Bölge halkı Sünnî ve Şiî Araplardan oluşuyordu. Türk, Kürt, Laz, Çerkez bir ümmet ordusu olan Osmanlı birliğinin onların desteğine ihtiyacı vardı. Müslüman halk, bu ihtiyaca olumlu cevap verdi, mezhep farkı olmadan bütün varlığıyla İngilizlere karşı direnişe geçti, İngilizlerin ilerleyişini ağırlaştırdı. Teçhizatları ve iyi eğitimleri ile küçük bir kuvvetle Irak´ı işgal edeceklerini düşünen İngilizler, Müslümanların direnişi karşısında şaşırdılar ve Hindistan´dan Irak´a binlerce asker taşımak zorunda kaldılar.
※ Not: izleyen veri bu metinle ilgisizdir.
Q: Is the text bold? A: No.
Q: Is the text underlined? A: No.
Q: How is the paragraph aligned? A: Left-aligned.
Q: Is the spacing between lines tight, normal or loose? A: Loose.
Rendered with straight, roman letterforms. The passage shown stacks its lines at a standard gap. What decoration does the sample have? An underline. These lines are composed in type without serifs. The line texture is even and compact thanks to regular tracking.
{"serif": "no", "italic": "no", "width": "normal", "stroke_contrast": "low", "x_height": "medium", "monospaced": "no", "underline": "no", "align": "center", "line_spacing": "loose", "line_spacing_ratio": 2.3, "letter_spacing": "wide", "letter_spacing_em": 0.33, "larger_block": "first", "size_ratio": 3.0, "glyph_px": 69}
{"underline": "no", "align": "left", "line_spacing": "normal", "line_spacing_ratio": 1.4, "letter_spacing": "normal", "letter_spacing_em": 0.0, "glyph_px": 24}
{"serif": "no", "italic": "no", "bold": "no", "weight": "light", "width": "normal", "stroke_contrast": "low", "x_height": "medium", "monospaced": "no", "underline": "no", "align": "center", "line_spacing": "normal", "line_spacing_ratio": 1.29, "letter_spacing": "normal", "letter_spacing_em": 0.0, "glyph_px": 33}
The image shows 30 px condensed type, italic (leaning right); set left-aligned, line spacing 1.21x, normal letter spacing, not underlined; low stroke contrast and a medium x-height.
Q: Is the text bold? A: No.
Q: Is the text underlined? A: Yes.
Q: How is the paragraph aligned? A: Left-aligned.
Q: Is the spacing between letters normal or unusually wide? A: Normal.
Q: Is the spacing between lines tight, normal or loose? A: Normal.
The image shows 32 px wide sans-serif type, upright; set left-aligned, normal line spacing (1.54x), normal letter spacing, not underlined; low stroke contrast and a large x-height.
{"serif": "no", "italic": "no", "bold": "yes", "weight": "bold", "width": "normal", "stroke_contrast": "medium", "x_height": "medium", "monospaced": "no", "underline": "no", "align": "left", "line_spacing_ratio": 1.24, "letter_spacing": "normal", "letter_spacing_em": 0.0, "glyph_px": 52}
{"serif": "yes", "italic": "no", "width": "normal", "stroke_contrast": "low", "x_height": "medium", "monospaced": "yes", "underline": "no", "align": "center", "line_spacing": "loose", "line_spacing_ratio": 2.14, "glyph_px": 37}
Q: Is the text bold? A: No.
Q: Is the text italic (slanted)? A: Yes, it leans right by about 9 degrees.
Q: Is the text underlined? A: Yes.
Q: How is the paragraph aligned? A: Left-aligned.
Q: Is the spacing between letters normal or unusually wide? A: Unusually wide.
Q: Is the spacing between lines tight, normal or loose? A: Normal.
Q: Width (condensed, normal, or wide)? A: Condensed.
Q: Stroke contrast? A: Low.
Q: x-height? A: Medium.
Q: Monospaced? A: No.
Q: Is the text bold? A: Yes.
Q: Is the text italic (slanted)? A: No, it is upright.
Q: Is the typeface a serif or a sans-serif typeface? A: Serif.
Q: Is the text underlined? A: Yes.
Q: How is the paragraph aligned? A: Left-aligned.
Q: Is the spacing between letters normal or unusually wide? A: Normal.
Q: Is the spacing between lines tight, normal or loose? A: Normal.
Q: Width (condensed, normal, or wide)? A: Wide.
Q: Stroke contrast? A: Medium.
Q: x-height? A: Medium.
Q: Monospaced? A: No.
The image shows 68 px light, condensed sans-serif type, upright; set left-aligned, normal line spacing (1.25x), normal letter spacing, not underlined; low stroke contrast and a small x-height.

Böylece Irak, kolay lokma olmaktan çıkmış, önemli cephelerden biri hâline gelmişti.
Süleyman Askerî, 20 Ocak 1915´te iki bacağından yaralandı. Buna rağmen kendisine katılan bölge halkının desteğiyle 11-12 Nisan 1915´te Bercisiyye ve Şuaybe´deki İngiliz mevzilerine taarruz etti. Süleyman Askerî Bey´in bu acemice taaruzu, binlerce yerli Müslümanın şahadetiyle sonuçlandı ve yenilgiyi kabullenmeyen İttihatçı subay intihar ederek hayatına son verdi. Bölge halkı ise verdiği kayıplara rağmen Osmanlı ordusunu desteklemeye devam etti.